The data below should be restated word for word, pictures omitted.

Supplied records:
◆ ◆ ◆ ◆ ◆ ◆ ◆
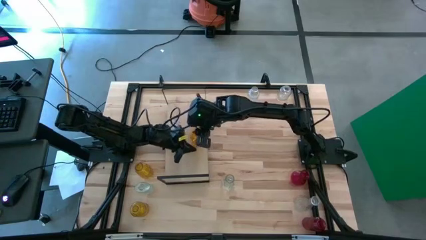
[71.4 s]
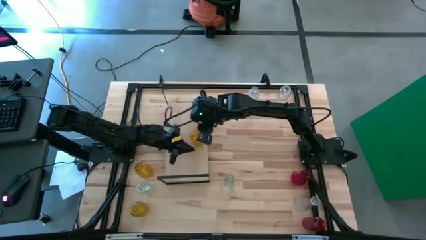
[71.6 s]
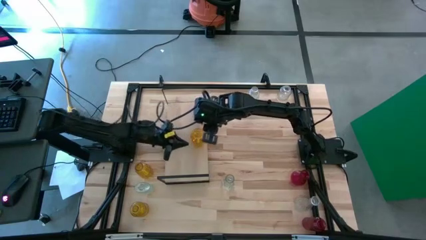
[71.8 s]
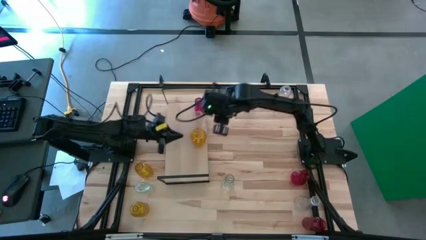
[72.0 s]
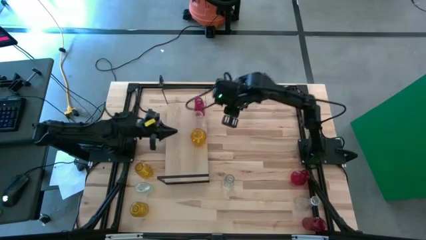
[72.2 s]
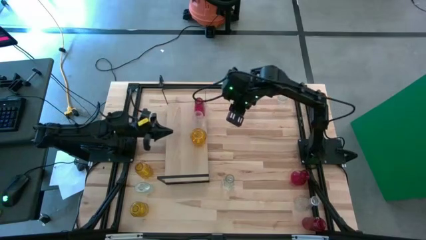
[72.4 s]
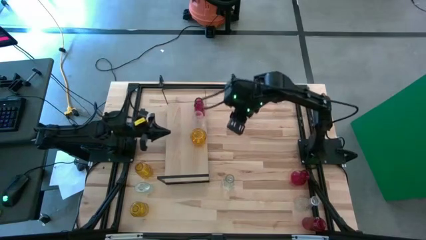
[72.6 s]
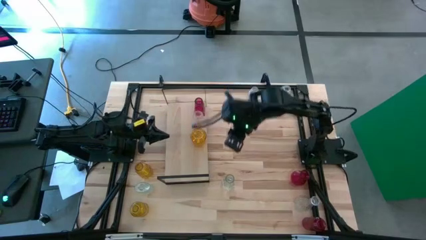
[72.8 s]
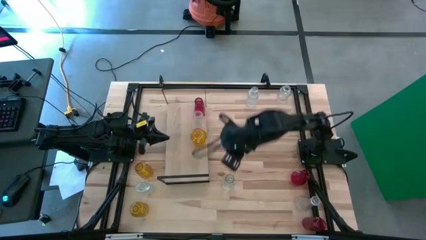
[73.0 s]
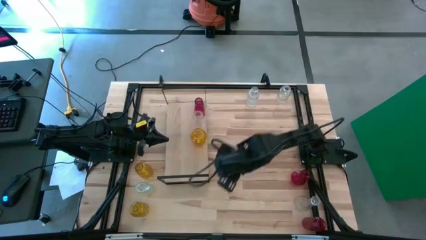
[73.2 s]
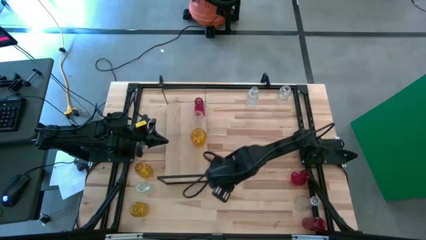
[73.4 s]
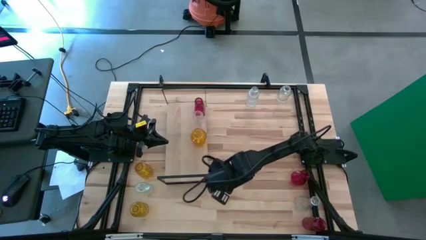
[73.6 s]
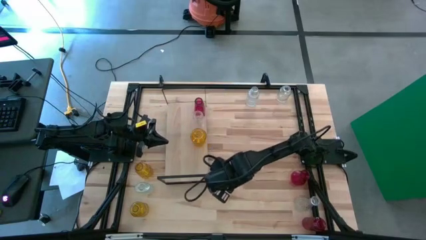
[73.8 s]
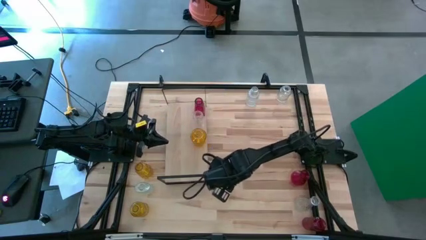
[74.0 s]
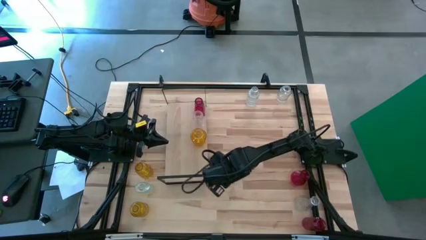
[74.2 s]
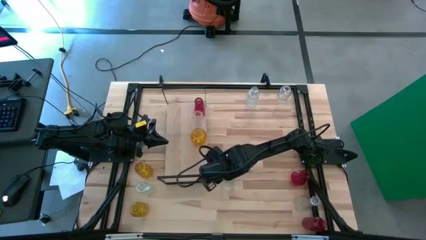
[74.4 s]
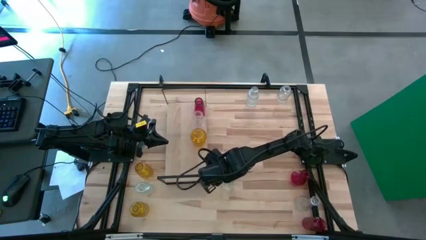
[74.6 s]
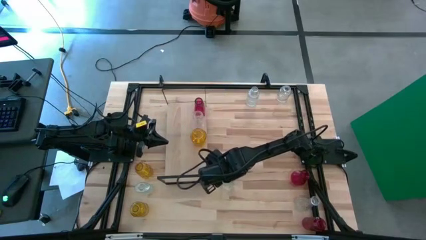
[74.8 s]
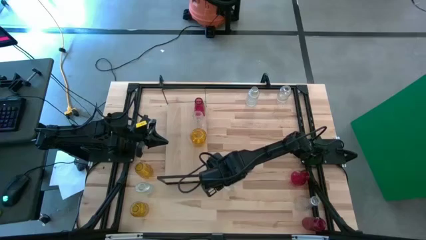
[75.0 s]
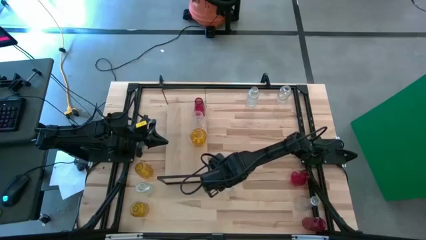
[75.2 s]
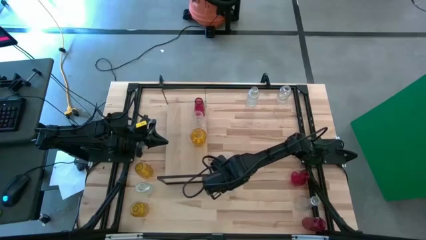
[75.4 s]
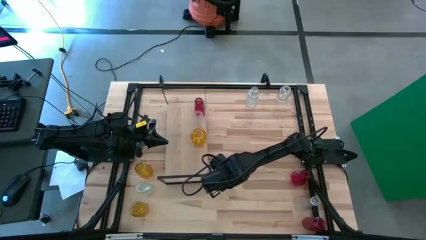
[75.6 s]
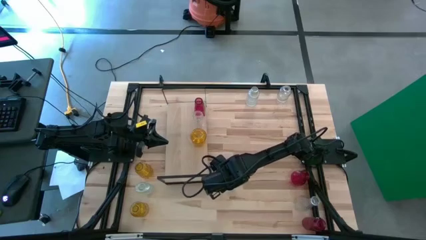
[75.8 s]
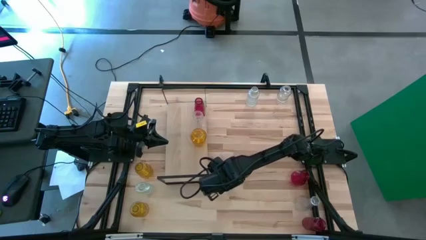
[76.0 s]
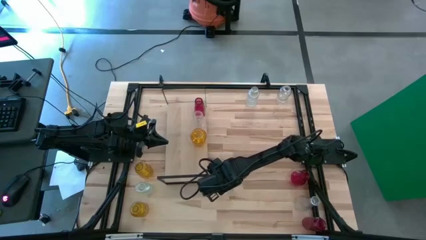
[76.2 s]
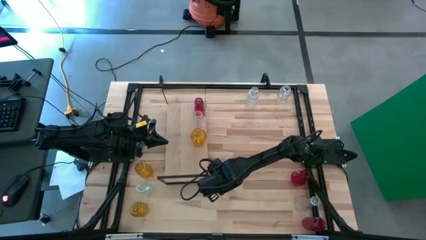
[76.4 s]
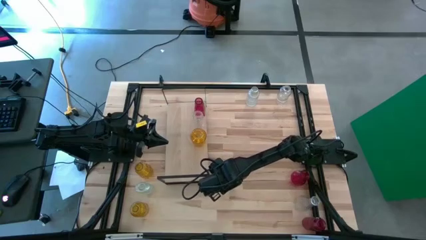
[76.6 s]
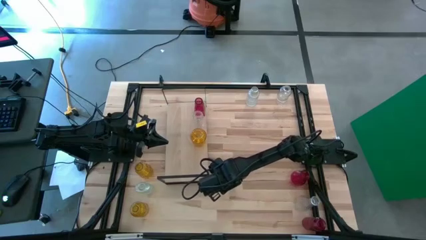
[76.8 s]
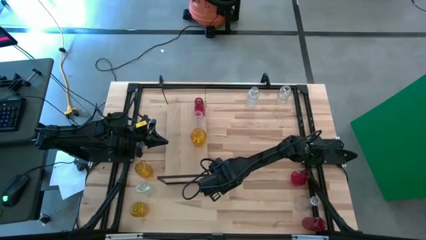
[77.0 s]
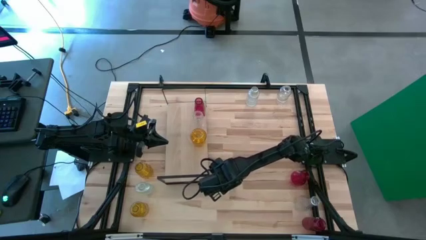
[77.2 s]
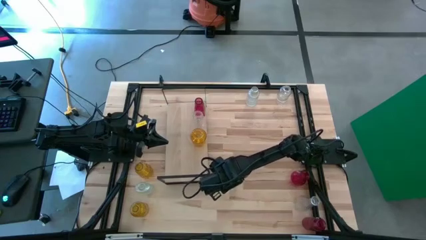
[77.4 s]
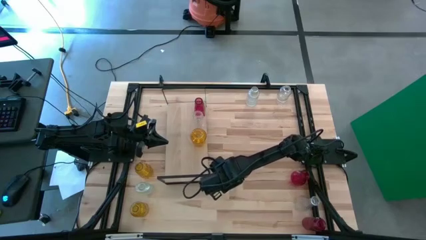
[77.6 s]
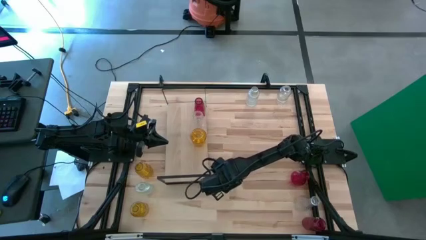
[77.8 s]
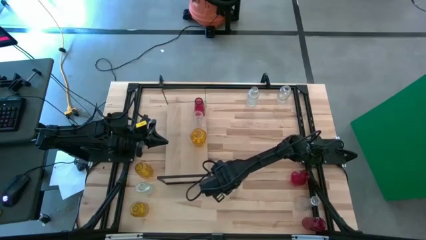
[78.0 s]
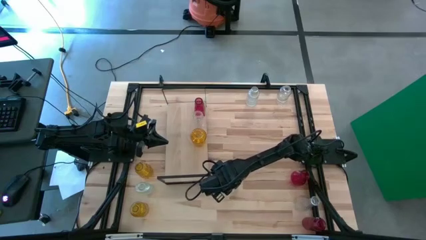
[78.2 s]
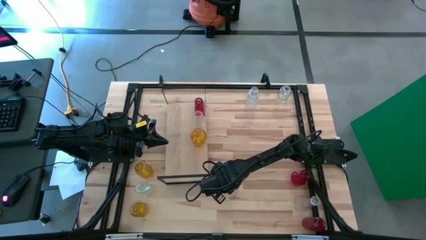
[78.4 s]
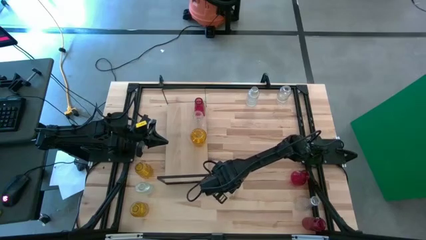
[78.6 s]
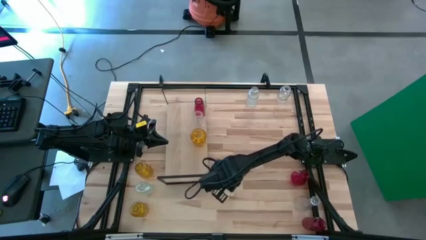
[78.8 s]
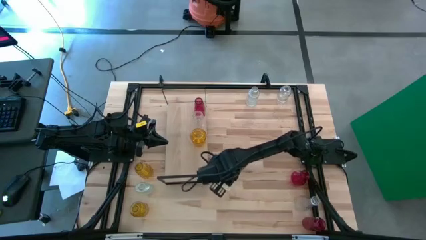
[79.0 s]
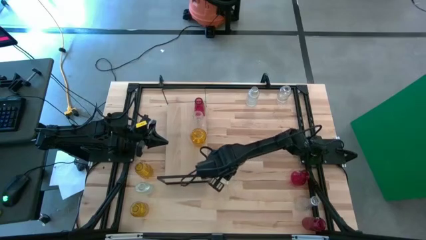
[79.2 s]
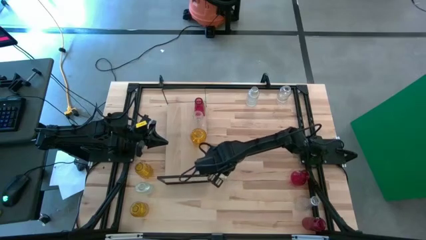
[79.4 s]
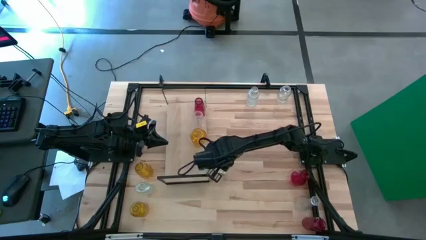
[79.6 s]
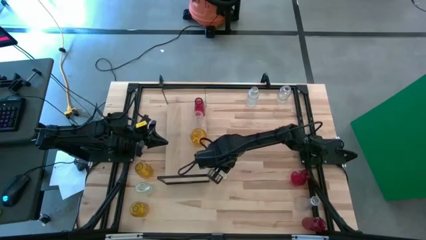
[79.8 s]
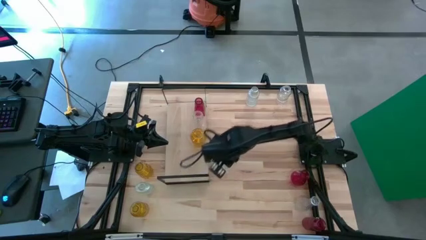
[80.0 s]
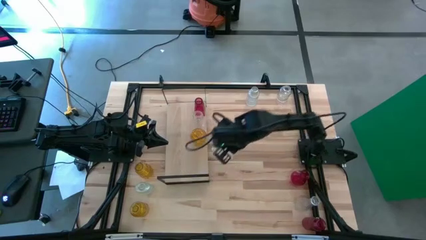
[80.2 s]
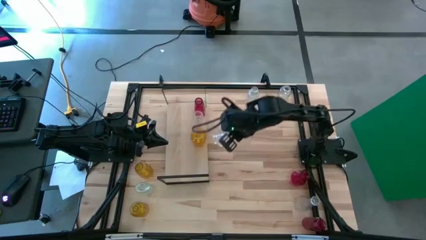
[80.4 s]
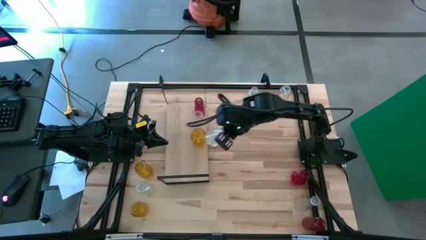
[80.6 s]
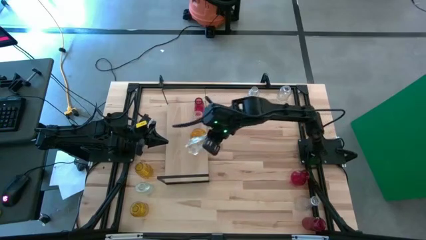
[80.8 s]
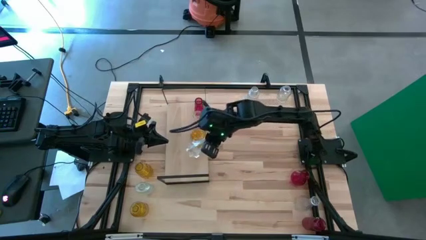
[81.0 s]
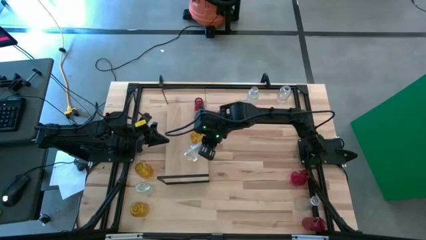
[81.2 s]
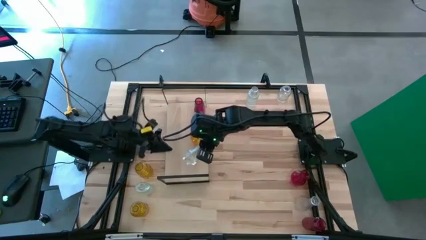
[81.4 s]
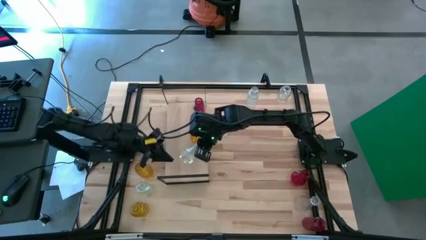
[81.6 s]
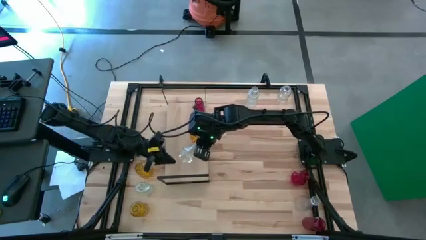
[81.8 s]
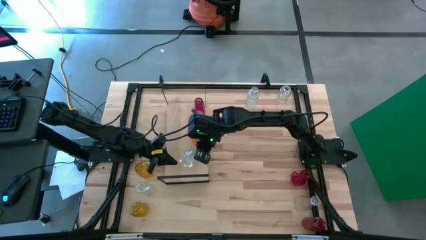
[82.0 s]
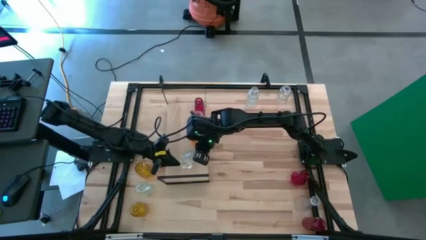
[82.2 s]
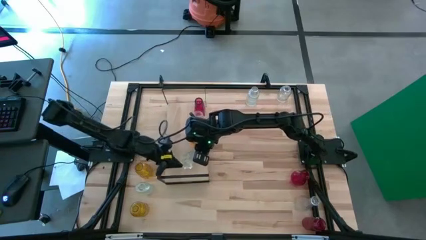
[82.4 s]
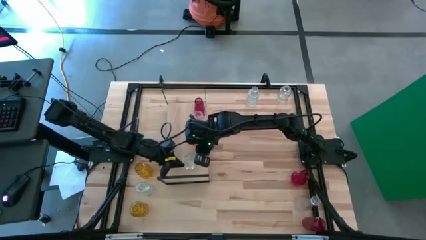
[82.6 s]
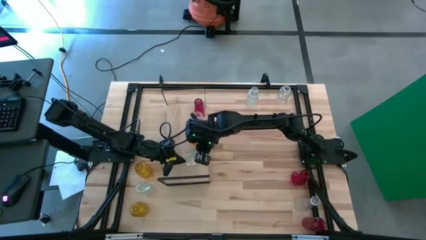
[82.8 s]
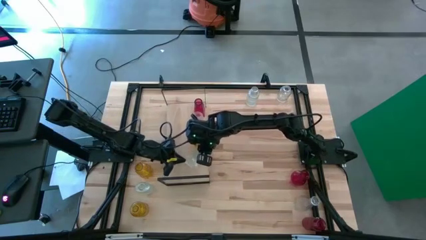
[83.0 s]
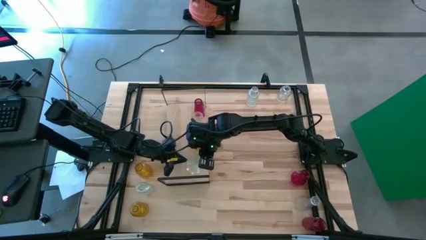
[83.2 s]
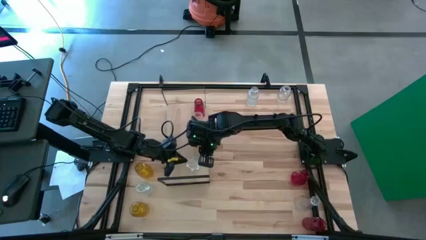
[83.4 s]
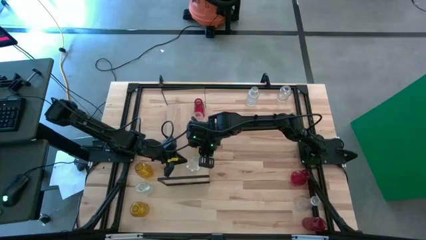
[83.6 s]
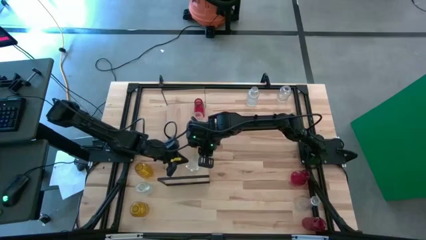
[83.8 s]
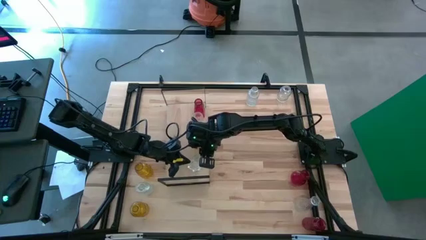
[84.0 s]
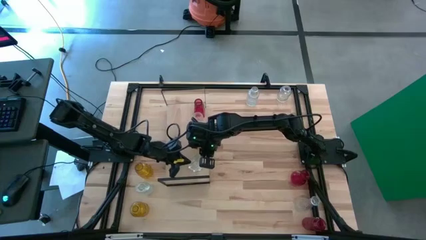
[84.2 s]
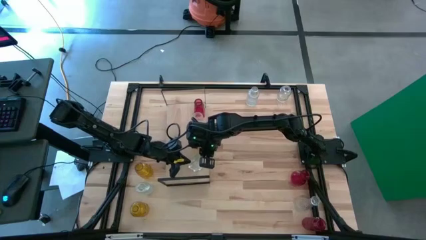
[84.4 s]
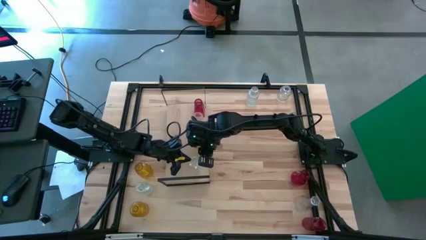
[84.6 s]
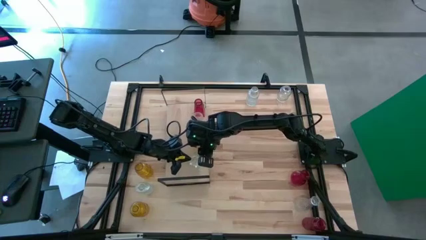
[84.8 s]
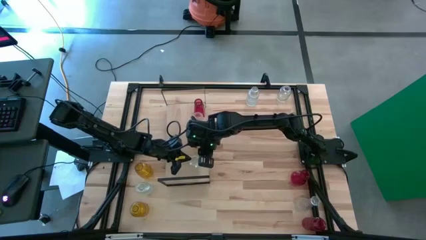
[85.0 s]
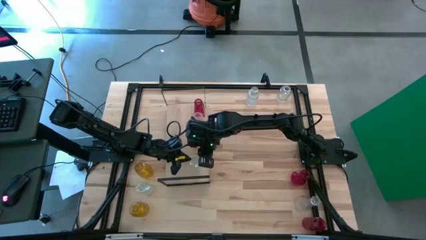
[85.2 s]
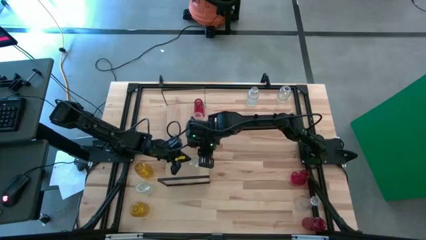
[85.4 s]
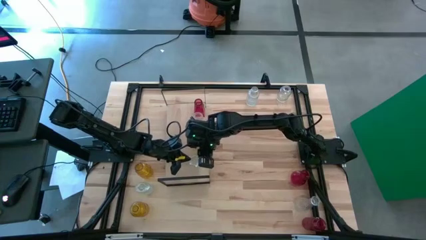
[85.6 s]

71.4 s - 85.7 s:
Task: sort vases onto shelf
Put the transparent vase on the shelf aligned with the other transparent vase
◆ ◆ ◆ ◆ ◆ ◆ ◆
Exercise answer:
[71.4 s]
[71.6 s]
[71.8 s]
[72.0 s]
[72.2 s]
[72.4 s]
[72.6 s]
[72.8 s]
[73.0 s]
[73.2 s]
[73.4 s]
[73.6 s]
[73.8 s]
[74.0 s]
[74.2 s]
[74.4 s]
[74.6 s]
[74.8 s]
[75.0 s]
[75.2 s]
[75.4 s]
[75.6 s]
[75.8 s]
[76.0 s]
[76.2 s]
[76.4 s]
[76.6 s]
[76.8 s]
[77.0 s]
[77.2 s]
[77.4 s]
[77.6 s]
[77.8 s]
[78.0 s]
[78.2 s]
[78.4 s]
[78.6 s]
[78.8 s]
[79.0 s]
[79.2 s]
[79.4 s]
[79.6 s]
[79.8 s]
[80.0 s]
[80.2 s]
[80.4 s]
[80.6 s]
[80.8 s]
[81.0 s]
[81.2 s]
[81.4 s]
[81.6 s]
[81.8 s]
[82.0 s]
[82.2 s]
[82.4 s]
[82.6 s]
[82.8 s]
[83.0 s]
[83.2 s]
[83.4 s]
[83.6 s]
[83.8 s]
[84.0 s]
[84.2 s]
[84.4 s]
[84.6 s]
[84.8 s]
[85.0 s]
[85.2 s]
[85.4 s]
[85.6 s]

71.4 s - 85.7 s:
Task: sort vases onto shelf
Put the transparent vase on the shelf aligned with the other transparent vase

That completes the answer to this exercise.